Summary

EN: Part 1 of a 5-part series introducing information theory to data scientists. This installment covers Shannon’s foundational 1948 paper, the concept of self-information (how much information a single event carries), and the bit as the natural unit of information. The series aims to build intuition for entropy, KL divergence, and mutual information — concepts that underpin modern ML and data compression.
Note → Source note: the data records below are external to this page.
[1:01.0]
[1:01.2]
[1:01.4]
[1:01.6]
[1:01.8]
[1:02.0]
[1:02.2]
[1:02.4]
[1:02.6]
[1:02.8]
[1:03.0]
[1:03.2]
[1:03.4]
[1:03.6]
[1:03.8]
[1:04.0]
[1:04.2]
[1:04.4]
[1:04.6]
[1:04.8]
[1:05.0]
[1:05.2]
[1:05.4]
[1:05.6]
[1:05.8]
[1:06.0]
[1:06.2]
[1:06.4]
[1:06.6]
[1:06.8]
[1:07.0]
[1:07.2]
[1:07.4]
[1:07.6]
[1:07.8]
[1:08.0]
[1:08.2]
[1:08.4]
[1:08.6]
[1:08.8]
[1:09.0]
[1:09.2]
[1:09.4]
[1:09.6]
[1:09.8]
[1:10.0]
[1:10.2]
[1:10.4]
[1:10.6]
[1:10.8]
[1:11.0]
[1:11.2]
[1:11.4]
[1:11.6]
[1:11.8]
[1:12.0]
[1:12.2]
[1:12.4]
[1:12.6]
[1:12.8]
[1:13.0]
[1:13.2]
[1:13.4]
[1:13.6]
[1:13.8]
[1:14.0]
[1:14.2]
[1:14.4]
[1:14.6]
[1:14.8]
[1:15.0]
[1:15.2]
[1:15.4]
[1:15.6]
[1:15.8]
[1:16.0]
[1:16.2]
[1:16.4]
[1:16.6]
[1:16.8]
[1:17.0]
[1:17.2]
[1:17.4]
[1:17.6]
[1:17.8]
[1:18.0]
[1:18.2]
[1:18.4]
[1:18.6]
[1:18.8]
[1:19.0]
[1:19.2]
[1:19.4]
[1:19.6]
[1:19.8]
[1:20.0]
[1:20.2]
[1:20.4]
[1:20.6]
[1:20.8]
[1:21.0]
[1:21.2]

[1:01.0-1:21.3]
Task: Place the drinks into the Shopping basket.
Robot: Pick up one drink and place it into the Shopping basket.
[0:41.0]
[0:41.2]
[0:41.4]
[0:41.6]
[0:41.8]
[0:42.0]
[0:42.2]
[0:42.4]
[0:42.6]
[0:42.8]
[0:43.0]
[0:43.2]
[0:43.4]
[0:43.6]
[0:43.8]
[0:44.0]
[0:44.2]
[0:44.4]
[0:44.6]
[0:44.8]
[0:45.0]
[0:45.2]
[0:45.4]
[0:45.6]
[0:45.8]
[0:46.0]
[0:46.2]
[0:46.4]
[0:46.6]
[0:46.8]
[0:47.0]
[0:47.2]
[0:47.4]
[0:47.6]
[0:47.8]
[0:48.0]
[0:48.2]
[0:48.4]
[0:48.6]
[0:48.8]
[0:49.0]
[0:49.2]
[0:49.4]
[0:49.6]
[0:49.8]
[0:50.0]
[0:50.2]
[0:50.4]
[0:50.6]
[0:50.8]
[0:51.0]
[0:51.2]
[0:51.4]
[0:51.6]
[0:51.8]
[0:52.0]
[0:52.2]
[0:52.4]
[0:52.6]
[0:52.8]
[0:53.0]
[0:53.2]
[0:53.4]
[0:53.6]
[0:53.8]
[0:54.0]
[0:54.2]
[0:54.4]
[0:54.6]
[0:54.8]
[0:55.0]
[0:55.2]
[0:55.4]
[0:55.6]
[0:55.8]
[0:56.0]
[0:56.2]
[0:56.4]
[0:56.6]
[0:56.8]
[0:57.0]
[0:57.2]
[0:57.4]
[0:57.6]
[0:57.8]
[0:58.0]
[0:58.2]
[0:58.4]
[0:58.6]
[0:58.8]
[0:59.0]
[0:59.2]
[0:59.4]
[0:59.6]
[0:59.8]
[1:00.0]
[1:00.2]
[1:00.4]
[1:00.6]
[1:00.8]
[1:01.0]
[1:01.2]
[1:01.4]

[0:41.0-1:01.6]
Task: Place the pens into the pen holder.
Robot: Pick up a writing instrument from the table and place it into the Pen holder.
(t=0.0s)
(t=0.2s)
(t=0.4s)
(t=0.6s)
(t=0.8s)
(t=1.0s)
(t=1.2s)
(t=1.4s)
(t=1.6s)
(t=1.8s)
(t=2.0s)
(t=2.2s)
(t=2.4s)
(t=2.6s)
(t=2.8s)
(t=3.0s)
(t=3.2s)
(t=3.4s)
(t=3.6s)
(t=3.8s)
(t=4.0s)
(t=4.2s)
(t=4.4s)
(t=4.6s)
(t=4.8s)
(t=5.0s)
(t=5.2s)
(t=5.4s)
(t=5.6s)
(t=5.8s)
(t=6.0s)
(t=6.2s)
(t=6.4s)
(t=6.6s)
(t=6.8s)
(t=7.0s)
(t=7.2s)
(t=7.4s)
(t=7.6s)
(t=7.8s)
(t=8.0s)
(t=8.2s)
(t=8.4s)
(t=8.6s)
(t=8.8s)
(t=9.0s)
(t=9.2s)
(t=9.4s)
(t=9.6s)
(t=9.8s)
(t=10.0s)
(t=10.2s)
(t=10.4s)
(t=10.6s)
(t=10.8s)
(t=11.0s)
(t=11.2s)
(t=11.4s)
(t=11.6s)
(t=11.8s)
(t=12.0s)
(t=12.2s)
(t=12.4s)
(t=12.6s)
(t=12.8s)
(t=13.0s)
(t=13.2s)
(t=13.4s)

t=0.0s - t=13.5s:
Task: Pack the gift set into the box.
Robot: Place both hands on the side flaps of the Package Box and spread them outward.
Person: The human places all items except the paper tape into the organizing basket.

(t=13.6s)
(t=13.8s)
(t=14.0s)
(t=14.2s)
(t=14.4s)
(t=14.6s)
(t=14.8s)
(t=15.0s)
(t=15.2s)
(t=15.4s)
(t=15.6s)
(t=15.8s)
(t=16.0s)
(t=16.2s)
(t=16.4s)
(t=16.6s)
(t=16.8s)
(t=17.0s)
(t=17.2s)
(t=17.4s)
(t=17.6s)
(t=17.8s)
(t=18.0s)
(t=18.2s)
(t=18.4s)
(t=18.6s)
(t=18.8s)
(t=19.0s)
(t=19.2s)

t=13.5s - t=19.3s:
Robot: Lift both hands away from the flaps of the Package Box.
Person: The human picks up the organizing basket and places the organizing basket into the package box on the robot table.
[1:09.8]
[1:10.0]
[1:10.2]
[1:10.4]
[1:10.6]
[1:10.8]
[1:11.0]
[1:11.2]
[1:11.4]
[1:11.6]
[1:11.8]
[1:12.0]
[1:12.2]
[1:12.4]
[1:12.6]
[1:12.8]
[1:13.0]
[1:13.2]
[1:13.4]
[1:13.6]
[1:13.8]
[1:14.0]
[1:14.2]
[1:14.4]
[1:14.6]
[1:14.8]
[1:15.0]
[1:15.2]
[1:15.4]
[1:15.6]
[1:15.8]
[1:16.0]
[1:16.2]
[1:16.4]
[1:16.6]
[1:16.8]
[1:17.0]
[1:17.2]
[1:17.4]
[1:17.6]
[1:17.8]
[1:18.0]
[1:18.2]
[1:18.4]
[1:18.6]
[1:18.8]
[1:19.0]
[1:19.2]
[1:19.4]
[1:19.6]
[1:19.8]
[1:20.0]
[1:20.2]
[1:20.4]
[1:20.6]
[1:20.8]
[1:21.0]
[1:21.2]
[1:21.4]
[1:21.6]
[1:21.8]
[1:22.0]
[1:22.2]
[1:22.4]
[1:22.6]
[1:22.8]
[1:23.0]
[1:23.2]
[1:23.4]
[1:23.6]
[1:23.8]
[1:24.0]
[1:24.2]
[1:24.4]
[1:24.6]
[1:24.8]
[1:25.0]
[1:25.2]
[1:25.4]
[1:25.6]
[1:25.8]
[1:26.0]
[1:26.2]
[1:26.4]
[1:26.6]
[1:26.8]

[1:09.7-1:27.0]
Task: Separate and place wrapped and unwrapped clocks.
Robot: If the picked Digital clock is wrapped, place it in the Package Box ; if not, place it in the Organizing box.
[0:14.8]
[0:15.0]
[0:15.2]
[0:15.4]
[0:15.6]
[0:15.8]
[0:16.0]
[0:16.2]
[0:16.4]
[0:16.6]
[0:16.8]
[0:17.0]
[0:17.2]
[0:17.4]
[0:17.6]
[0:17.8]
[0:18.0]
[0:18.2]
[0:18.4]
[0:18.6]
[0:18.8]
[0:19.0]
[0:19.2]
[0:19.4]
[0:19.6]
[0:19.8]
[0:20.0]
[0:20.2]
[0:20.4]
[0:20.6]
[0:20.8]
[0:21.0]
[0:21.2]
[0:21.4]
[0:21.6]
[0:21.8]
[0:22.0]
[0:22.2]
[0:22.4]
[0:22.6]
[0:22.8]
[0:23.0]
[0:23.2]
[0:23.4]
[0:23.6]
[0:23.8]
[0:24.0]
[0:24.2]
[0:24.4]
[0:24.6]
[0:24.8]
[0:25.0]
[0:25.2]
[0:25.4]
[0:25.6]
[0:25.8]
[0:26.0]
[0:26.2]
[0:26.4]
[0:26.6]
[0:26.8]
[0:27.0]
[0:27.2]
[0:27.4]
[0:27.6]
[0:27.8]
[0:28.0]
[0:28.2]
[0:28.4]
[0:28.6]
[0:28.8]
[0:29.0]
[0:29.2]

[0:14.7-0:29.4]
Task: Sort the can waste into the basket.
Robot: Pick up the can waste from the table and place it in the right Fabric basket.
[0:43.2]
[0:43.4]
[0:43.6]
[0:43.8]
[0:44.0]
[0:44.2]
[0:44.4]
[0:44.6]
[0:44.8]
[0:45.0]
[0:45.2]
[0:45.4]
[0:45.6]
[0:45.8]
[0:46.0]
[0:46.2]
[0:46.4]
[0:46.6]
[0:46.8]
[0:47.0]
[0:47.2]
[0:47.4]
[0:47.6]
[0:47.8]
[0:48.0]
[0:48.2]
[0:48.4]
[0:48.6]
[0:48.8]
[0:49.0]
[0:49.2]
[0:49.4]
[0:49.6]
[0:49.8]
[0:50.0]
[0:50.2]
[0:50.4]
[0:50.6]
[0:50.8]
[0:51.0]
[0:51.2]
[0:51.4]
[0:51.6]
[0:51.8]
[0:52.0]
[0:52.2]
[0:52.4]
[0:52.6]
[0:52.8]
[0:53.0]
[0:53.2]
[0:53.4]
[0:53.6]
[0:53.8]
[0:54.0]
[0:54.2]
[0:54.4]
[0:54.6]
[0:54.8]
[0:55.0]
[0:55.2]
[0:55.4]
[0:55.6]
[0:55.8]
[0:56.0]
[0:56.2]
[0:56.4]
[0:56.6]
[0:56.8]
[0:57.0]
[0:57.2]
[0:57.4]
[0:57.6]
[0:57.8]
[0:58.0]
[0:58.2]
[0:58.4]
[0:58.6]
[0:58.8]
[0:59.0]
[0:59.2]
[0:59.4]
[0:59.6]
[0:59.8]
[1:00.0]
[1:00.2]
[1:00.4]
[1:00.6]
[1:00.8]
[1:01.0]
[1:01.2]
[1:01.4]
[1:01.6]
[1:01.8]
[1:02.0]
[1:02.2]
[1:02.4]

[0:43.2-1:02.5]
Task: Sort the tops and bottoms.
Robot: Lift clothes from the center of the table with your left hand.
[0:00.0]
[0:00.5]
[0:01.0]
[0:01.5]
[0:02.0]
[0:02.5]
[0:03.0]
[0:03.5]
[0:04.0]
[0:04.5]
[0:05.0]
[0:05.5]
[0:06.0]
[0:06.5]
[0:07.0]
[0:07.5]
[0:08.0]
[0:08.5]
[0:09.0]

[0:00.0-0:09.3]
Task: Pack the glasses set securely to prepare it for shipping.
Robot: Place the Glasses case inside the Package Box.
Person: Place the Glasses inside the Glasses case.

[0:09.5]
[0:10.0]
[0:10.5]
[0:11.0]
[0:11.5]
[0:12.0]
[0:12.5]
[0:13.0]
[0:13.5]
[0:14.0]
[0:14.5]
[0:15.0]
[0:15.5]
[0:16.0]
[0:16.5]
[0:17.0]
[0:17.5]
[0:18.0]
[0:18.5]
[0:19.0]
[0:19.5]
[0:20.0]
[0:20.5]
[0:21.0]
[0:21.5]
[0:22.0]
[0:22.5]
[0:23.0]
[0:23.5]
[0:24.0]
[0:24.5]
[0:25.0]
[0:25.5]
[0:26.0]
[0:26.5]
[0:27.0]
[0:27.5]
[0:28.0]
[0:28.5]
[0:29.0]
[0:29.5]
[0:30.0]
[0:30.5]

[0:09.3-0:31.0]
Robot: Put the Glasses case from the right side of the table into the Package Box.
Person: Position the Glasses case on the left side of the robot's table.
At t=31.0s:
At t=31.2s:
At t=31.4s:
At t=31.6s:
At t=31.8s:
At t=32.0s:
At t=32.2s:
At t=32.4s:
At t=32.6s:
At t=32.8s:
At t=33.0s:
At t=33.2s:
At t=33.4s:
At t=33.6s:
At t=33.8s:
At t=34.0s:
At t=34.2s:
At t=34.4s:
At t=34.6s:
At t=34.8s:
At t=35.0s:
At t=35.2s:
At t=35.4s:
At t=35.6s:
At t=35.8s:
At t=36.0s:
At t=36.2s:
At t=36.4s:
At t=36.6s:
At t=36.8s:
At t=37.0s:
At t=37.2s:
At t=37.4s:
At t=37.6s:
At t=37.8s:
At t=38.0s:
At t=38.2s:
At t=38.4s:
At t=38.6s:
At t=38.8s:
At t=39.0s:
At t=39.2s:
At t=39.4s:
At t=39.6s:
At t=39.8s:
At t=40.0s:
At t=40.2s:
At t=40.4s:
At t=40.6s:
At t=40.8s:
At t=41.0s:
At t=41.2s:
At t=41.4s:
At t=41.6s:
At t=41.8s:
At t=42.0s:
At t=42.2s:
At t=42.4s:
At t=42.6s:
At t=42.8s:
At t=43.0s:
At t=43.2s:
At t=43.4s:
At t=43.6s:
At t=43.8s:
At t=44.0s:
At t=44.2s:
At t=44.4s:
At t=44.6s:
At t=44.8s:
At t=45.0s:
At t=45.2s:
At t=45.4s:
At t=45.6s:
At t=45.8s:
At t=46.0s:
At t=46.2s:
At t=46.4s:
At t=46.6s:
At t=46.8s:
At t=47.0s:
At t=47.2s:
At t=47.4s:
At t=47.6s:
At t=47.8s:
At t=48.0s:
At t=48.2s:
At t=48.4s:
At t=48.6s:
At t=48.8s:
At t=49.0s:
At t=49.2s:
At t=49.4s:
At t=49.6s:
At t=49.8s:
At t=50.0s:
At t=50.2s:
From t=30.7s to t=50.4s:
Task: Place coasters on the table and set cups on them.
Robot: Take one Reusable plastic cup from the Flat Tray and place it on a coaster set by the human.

ZH: 資料科學家資訊理論入門系列的第 1 篇(共 5 篇),介紹 Shannon 1948 年奠基論文、自訊息(single event 帶有的資訊量)以及 bit 作為資訊量單位的概念,為理解熵、KL 散度和互資訊建立直覺基礎。

Key Points

  • Information theory originates from Shannon’s 1948 paper “A Mathematical Theory of Communication”
  • Self-information: I(x) = -log₂(p(x)) — rare events carry more information than common ones
  • Bit: the amount of information needed to distinguish between two equally likely outcomes
  • Surprise is the key intuition: a certain event (p=1) carries 0 bits; an impossible event would carry infinite bits
  • The series will progress to Shannon entropy (expected self-information), KL divergence, and mutual information
  • Content is truncated (member-only) — this covers only the introductory framing

Insights

  • The framing of information as “surprise” is the most intuitive entry point — it makes abstract math feel grounded
  • The connection to ML is direct: cross-entropy loss in neural networks is literally negative log likelihood, which is self-information in disguise
  • Starting from first principles (Shannon’s original paper) builds understanding that survives framework changes

Connections

  • Cross-entropy loss in neural networks (used in all classification models) is directly derived from self-information
  • KL divergence (covered in later parts) is the foundation of VAEs and many generative model training objectives
  • Connects to PromptWizard and DSPy: both use probability distributions over outputs — information theory gives the mathematical language for reasoning about model uncertainty

Raw Excerpt

“Shannon defined information as surprise. The more unexpected an event, the more information it carries. Mathematically: I(x) = -log₂(p(x)). A coin flip with p=0.5 carries exactly 1 bit of information. A certainty carries 0 bits. This simple formula is the foundation of everything in information theory.”